Reckitt Benckiser, LLC, No. CIV.A. 14–03663 CCC, 2015 WL 1421908, at *6
(D.N.J. Mar.26, 2015)). The Third Circuit decisively rejected this
construction of the ADEA, pulling this rug out from under the district
court. Having held that the district court erred in interpreting the
ADEA, requiring the district court to re-examine the statistical showing
under the ADEA, correctly understood, might seem appropriate.
Of
course, ordinarily an evidentiary ruling that can be supported on
several independent grounds will be upheld on appeal as long as at least
one of the independent grounds is valid.
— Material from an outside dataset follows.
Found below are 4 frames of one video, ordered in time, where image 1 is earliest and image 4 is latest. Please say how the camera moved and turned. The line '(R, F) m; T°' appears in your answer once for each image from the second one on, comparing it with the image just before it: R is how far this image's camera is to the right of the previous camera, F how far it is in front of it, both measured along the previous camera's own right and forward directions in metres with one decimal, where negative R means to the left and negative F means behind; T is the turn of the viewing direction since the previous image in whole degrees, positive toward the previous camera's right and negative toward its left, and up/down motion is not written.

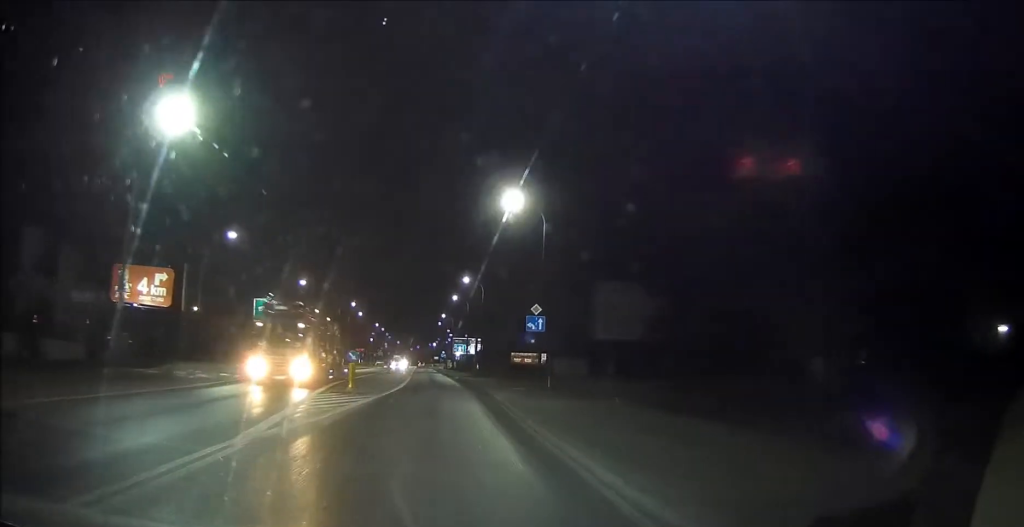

Here, the ADEA argument was
literally a footnote to the independent ground that the failure to
adjust for multiple comparisons invalidated the expert's claim of
significant disparities. Nevertheless, the independent-grounds rule
normally applies after a trial. It avoids retrials when the trial judge
would or could rule the same way on retrial. Because Karlo is a
summary judgment case, there is less reason to sustain the evidentiary
ruling. But even so, the court of appeals did not have to vacate the
judgment. Instead, it could have followed the usual independent-grounds
rule to affirm the summary judgment while noting that district court
could reconsider its Daubert ruling in light of the court of
appeals' explanation of the proper reach of the ADEA and the range of
statistically valid responses to the problem of multiple hypothesis
tests. As a practical matter, however, there may be little
difference between having counsel address the issue in the context of a
motion to reconsider and a renewed motion for summary judgment.